Monosomal karyotype is associated with poor outcomes in patients with Philadelphia chromosome-negative acute lymphoblastic leukemia receiving chemotherapy but not allogeneic hematopoietic stem cell transplantation.

Abstract

Monosomal karyotype (MK) is associated with poor prognosis in patients with myeloid neoplasms; however, its prognostic significance in Philadelphia chromosome-negative (Ph-negative) acute lymphoblastic leukemia (ALL) remains unclear. Data of 323 patients with Ph-negative ALL treated at Peking University People's Hospital were retrospectively analyzed.
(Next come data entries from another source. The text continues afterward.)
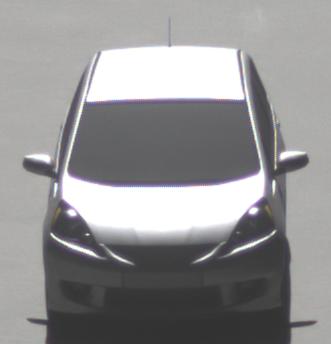
Make: Honda
Model: Jazz 1.2
Detailed model: Jazz (III) (11/08 - 04/11)
Model produced from: 2008/11
Model produced until: 2010/10
Doors: 5
Color: white
Road condition: dry road
Daytime: midday
Contrast: high contrast
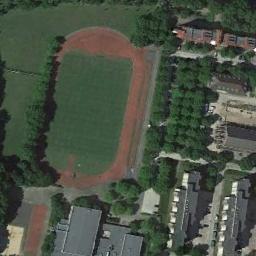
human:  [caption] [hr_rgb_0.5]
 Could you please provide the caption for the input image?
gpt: There are numerous buildings next to the ground track field .

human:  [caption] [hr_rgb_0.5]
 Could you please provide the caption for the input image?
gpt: Track and field are built on the lawn next to the buildings and trees .

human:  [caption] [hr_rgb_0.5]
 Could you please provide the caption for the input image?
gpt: The ground track field is on a lawn and a grove of trees and some buildings are next to the ground track field .

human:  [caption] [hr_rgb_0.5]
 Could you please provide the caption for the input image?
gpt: There are some trees on one side of the track .

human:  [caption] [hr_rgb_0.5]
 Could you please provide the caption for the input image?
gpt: There are some green trees around the ground track filed with a red track .
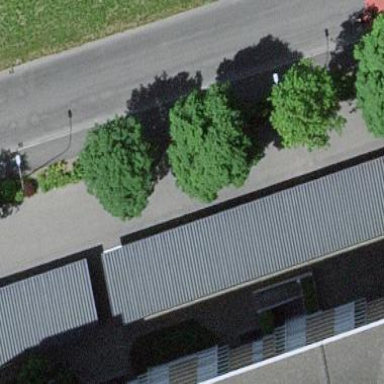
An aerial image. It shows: View of roof of building.
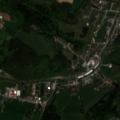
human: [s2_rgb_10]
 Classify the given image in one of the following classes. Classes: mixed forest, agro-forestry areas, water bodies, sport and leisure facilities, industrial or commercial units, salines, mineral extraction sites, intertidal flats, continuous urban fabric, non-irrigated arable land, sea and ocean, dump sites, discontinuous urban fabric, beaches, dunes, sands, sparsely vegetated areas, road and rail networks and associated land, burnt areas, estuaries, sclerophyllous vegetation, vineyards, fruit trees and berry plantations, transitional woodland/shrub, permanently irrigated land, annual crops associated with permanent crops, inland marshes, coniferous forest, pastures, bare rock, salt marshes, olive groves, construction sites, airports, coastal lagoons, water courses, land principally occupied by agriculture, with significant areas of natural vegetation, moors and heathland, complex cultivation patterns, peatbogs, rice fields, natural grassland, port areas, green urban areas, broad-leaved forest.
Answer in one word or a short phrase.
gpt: discontinuous urban fabric, non-irrigated arable land, complex cultivation patterns, land principally occupied by agriculture, with significant areas of natural vegetation, mixed forest
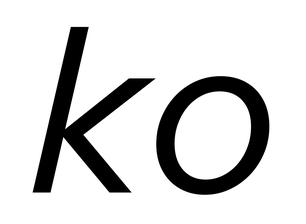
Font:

MK was identified in 49 (14.8%) patients. The patients with MK had lower hemoglobin levels (P = 0.026), lower platelet count (P = 0.032), higher percentages of blasts in the peripheral blood at diagnosis (P = 0.008), and higher percentages of high-risk karyotypes (P < 0.001) compared with those without MK. The complete remission (CR) rate and the minimal residual disease negativity rate were not significantly different between patients with and without MK. In the multivariate analysis, MK was identified as an independent factor associated with higher cumulative incidence of relapse (CIR) (hazard ratio (HR), 2.07; 95% confidence interval (CI), 1.02, 4.21; P =0.043), shorter disease-free survival (DFS) (HR, 2.80; 95% CI, 1.20, 6.54; P =0.017) and shorter overall survival (OS) (HR, 5.75; 95% CI, 2.07, 16.03; P =0.001) in the chemotherapy cohort; however, MK had no impact on outcomes in the allogeneic hematopoietic stem cell transplantation (allo-HSCT) cohort. Mantel-Byar analysis showed that allo-HSCT was associated with lower CIR (P < 0.001), longer DFS (P < 0.001), and longer OS (P < 0.001) in CR patients with MK. In conclusion, our study showed that MK was an independent predictor of poor outcomes in patients with Ph-negative ALL receiving chemotherapy but not allo-HSCT, and allo-HSCT could improve the outcomes of patients with MK.